▸ **WHAT NEEDS TO BE DONE**: Using the records below, report how many lines include "bspline", and give no more than the number.

▸ **Dataset excerpts**:
◆ ◆ ◆

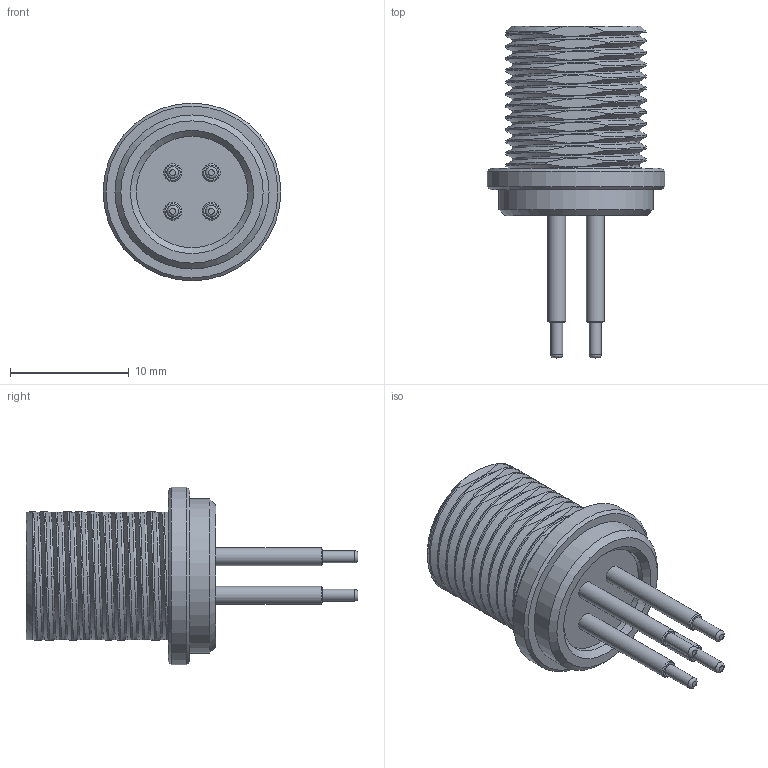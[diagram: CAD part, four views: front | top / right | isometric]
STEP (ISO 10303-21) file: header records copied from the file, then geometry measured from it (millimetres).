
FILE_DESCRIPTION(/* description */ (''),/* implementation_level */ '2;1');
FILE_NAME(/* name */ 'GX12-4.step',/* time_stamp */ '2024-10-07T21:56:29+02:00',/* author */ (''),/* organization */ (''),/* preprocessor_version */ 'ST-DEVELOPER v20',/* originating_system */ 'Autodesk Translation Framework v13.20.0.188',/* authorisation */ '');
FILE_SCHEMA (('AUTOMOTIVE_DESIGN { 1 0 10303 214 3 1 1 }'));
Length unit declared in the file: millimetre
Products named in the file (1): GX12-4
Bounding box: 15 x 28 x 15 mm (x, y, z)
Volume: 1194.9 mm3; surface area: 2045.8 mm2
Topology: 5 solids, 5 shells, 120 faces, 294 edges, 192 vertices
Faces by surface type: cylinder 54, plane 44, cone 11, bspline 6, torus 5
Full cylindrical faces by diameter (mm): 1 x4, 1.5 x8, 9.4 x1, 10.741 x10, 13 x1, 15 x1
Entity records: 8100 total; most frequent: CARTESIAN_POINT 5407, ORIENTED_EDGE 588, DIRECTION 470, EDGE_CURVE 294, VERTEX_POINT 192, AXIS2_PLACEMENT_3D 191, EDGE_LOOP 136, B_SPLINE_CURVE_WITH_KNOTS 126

◆ ◆ ◆

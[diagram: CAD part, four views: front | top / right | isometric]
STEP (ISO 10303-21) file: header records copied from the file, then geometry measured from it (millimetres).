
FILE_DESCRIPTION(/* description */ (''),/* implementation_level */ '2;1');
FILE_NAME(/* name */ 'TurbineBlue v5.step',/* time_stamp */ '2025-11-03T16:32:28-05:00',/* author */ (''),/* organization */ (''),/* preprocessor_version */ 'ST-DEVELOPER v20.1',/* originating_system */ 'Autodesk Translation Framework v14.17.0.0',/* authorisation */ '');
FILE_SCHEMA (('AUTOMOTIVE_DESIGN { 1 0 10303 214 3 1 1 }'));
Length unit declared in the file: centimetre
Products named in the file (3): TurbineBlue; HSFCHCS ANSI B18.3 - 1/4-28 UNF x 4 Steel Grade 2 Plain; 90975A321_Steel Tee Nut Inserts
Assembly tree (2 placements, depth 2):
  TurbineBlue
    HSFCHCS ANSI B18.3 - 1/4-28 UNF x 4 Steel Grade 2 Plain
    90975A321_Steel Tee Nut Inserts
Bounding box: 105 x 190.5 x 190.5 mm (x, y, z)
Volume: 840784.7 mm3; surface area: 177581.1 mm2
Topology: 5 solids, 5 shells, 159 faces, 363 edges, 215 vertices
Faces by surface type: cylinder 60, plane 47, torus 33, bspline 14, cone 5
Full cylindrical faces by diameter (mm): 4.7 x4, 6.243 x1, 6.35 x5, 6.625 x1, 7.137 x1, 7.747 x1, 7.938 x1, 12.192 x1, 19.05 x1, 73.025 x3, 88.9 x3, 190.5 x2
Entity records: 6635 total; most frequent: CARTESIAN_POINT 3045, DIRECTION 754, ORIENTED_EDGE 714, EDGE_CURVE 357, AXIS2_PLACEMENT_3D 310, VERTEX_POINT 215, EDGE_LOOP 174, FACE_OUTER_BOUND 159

◆ ◆ ◆

▸ **EXERCISE ANSWER**: 2